Here is an example of this transformation configuration:

```
transforms=ConcatFields
transforms.ConcatFields.type=io.aiven.kafka.connect.transforms.ConcatFields$Value
transforms.ConcatFields.field.names=test,foo,bar,age
transforms.ConcatFields.output.field.name="combined"
transforms.ConcatFields.delimiter="-"
transforms.ConcatFields.field.replace.missing="*"
```

### `MakeTombstone`

This transformation converts a record into a tombstone by setting its value and value schema to `null`.

It can be used together with predicates, for example, to create a tombstone event from a delete event produced by a source connector.

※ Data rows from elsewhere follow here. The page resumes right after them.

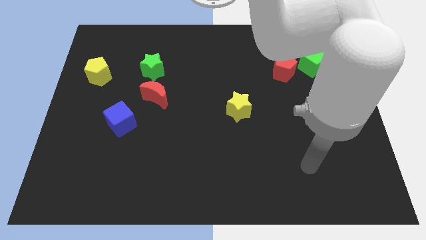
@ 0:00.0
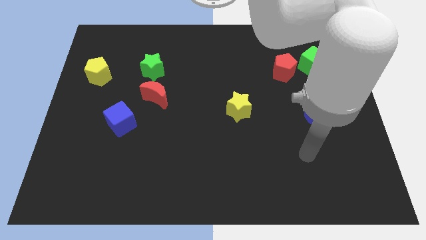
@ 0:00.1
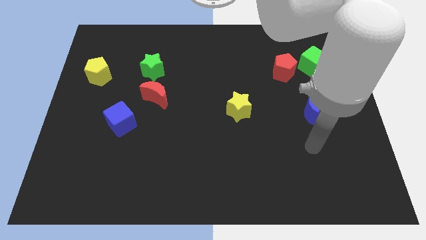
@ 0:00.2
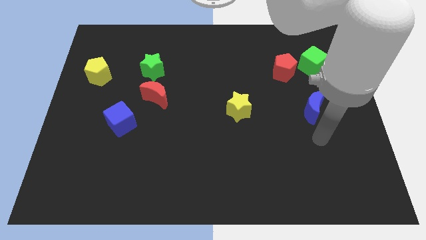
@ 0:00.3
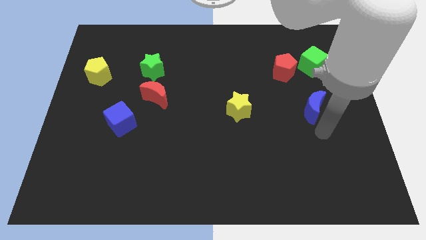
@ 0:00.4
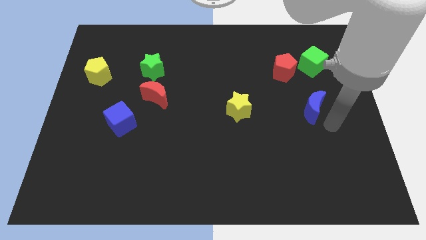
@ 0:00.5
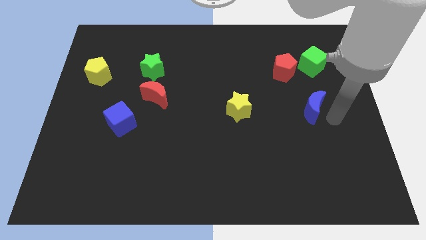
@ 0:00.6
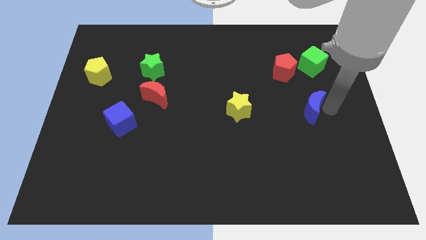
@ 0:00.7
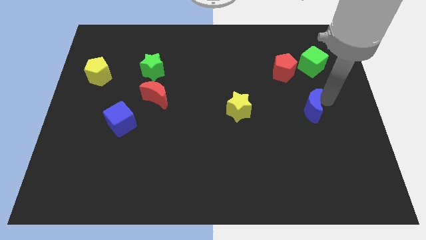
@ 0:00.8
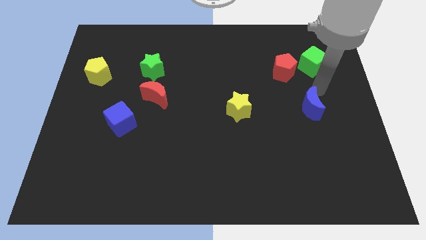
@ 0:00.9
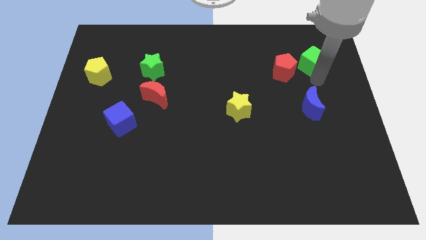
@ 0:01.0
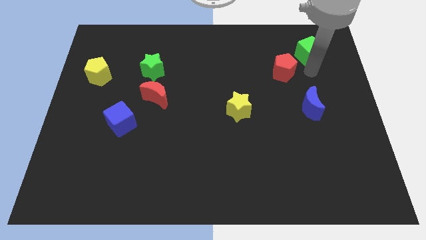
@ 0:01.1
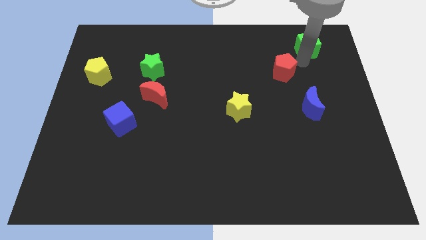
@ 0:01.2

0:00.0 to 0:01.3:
pull the red pentagon apart from the green cube

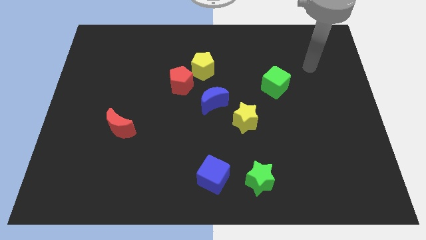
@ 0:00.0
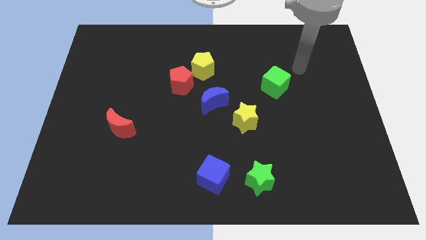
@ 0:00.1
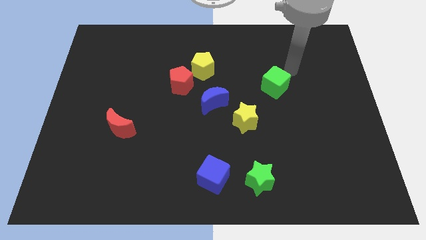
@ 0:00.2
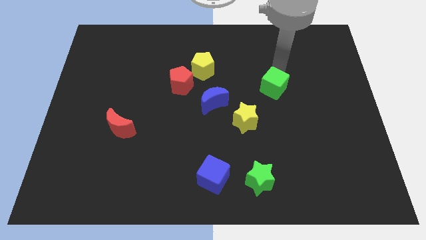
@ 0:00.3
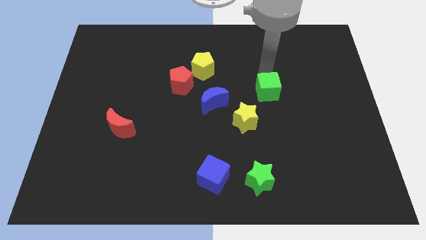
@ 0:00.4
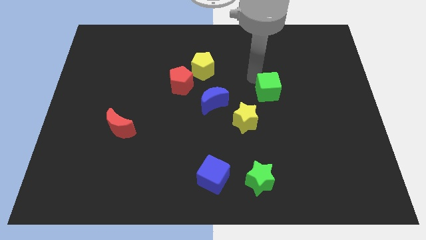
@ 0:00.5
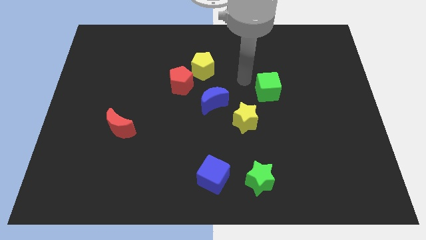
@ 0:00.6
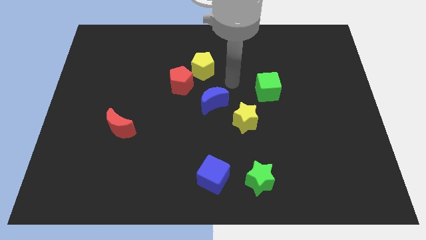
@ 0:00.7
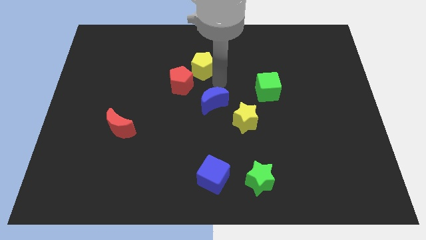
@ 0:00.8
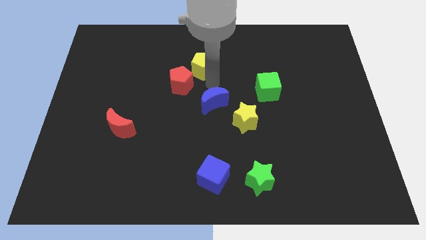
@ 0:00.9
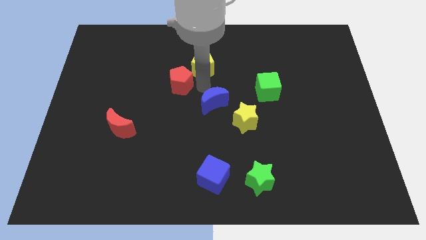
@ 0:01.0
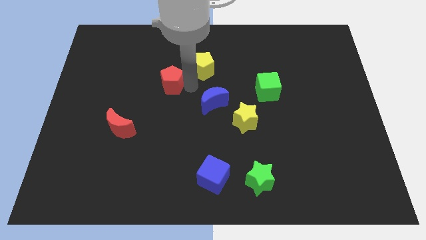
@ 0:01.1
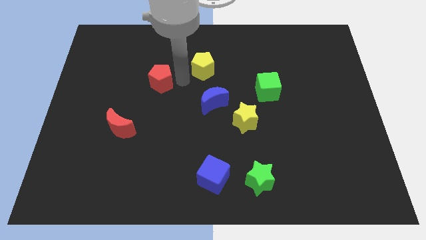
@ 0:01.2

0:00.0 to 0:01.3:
move the yellow pentagon away from the red pentagon

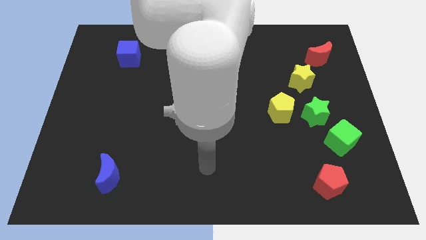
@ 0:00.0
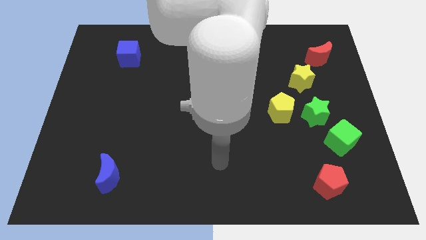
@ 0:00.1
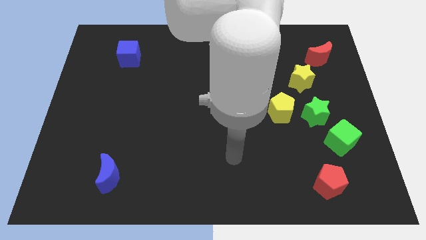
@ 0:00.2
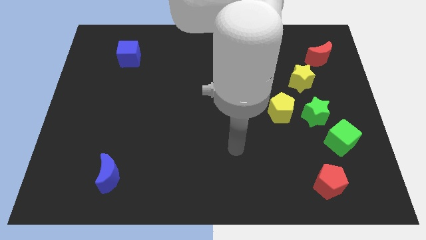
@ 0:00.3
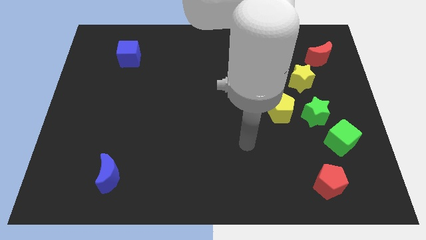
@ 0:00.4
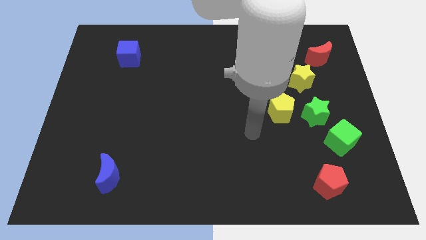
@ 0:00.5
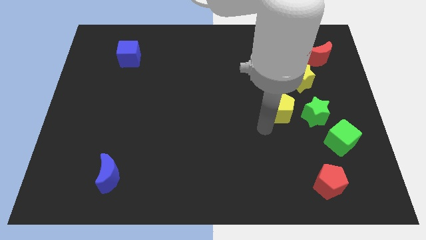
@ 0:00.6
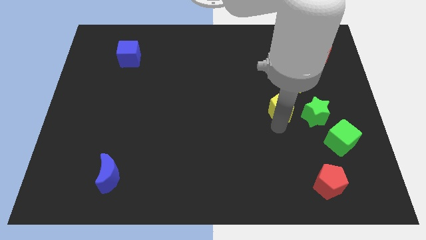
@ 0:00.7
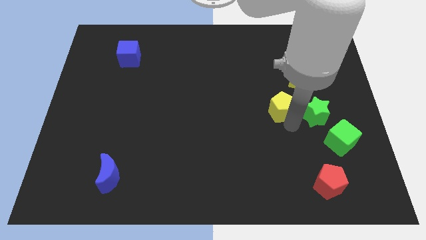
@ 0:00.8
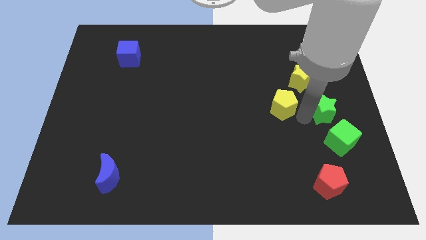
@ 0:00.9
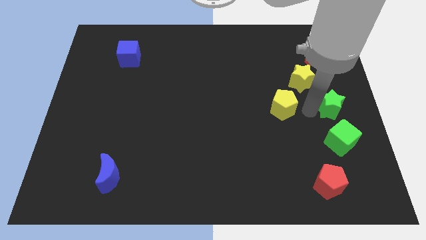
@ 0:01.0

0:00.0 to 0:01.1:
pull the yellow pentagon apart from the green star

Here is an example of this transformation configuration:
```properties
transforms=MakeTombstone
transforms.MakeTombstone.type=io.aiven.kafka.connect.transforms.MakeTombstone
```

### `FilterByFieldValue`

This transformation allows filtering records based either on a specific field or whole value and a matching expected value or regex pattern.

Here is an example of this transformation configuration:

```properties
transforms=Filter
transforms.Filter.type=io.aiven.kafka.connect.transforms.FilterByFieldValue
transforms.Filter.field.name=
transforms.Filter.field.value=
transforms.Filter.field.value.pattern=
transforms.Filter.field.value.matches=
```

If `field.name` is empty, the whole value is considered for filtering.

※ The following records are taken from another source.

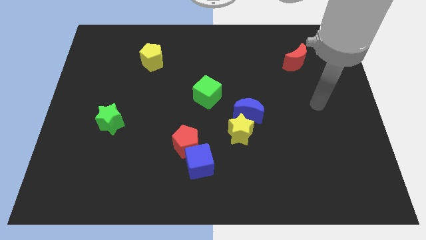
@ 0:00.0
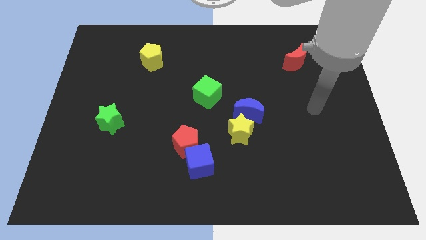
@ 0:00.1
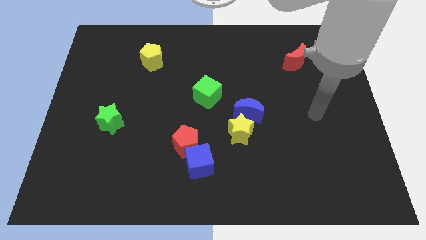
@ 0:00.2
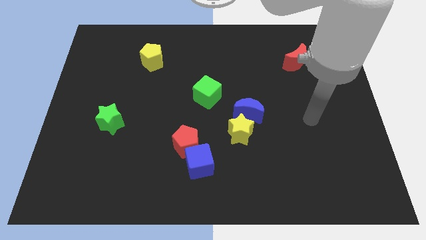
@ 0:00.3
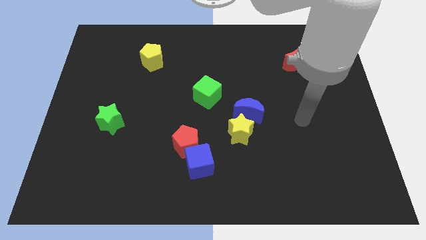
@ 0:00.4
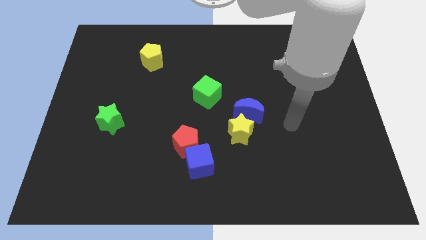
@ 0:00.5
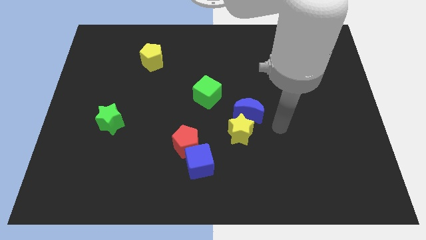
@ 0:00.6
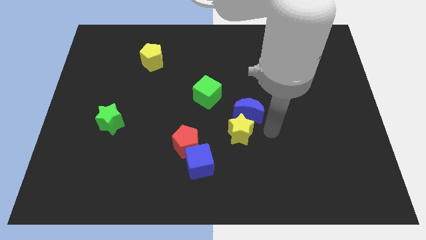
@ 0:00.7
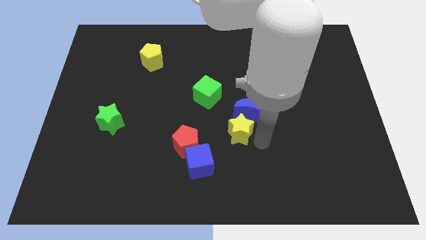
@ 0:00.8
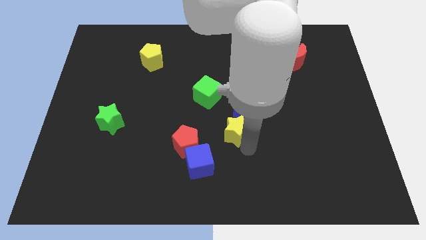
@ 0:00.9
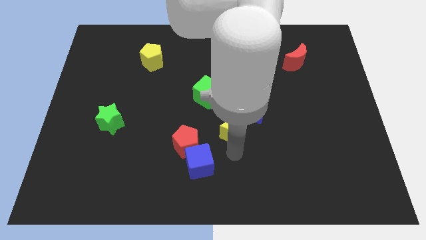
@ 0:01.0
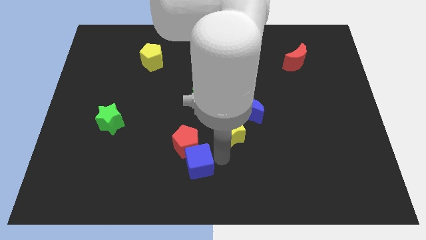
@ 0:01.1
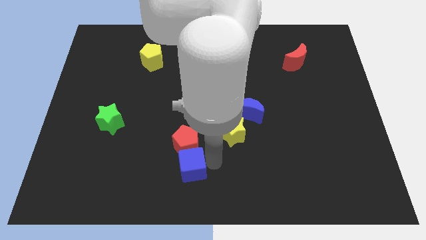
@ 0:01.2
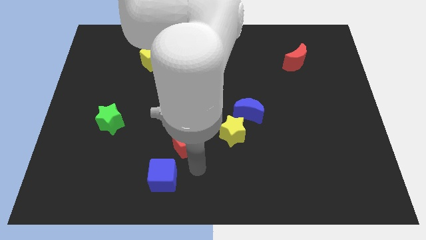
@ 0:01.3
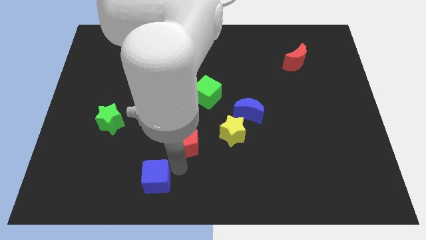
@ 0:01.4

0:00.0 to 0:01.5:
move the red pentagon away from the blue cube

Either `field.value` or `field.value.pattern` must be defined to apply filter.

Only, `string`, `numeric` and `boolean` types are considered for matching purposes, other types are ignored.

### `ExtractTopicFromSchemaName`

This transformation checks the schema name and if it exists uses it as the topic name.

- `io.aiven.kafka.connect.transforms.ExtractTopicFromSchemaName$Value` - works on value schema name.

Currently this transformation only has implementation for record value schema name. Key schema name is not implemented.

By default (if schema.name.topic-map or the chema.name.regex is not set) transformation uses the content of the schema.name field.

The transformation defines the following optional configurations which can be used to tamper the schema.name:

- `schema.name.topic-map` - Map that contains the schema.name value and corresponding new topic name value that should be used instead. Format is "SchemaValue1:NewValue1,SchemaValue2:NewValue2" so key:value pairs as comma separated list.
- `schema.name.regex` - RegEx that should be used to parse the schema.name to desired value. For example for example `(?:[.]|^)([^.]*)$` which parses the name after last dot.

Here is an example of this transformation configuration (using :schema.name.topic-map)

```properties
transforms=ExtractTopicFromSchemaName
transforms.ExtractTopicFromSchemaName.type=io.aiven.kafka.connect.transforms.ExtractTopicFromSchemaName$Value
transforms.ExtractTopicFromSchemaName.schema.name.topic-map=com.acme.schema.SchemaNameToTopic1:TheNameToReplace1,com.acme.schema.SchemaNameToTopic2:TheNameToReplace2

```
And here is an example of this transformation configuration (using :schema.name.regex)

```properties
transforms=ExtractTopicFromValueSchema
transforms.ExtractTopicFromValueSchema.type=io.aiven.kafka.connect.transforms.ExtractTopicFromSchemaName$Value
transforms.ExtractTopicFromValueSchema.schema.name.regex=(?:[.]|^)([^.]*)$
```

## License

This project is licensed under the [Apache License, Version 2.0](LICENSE).

## Trademarks

Apache Kafka and Apache Kafka Connect are either registered trademarks or trademarks of the Apache Software Foundation in the United States and/or other countries.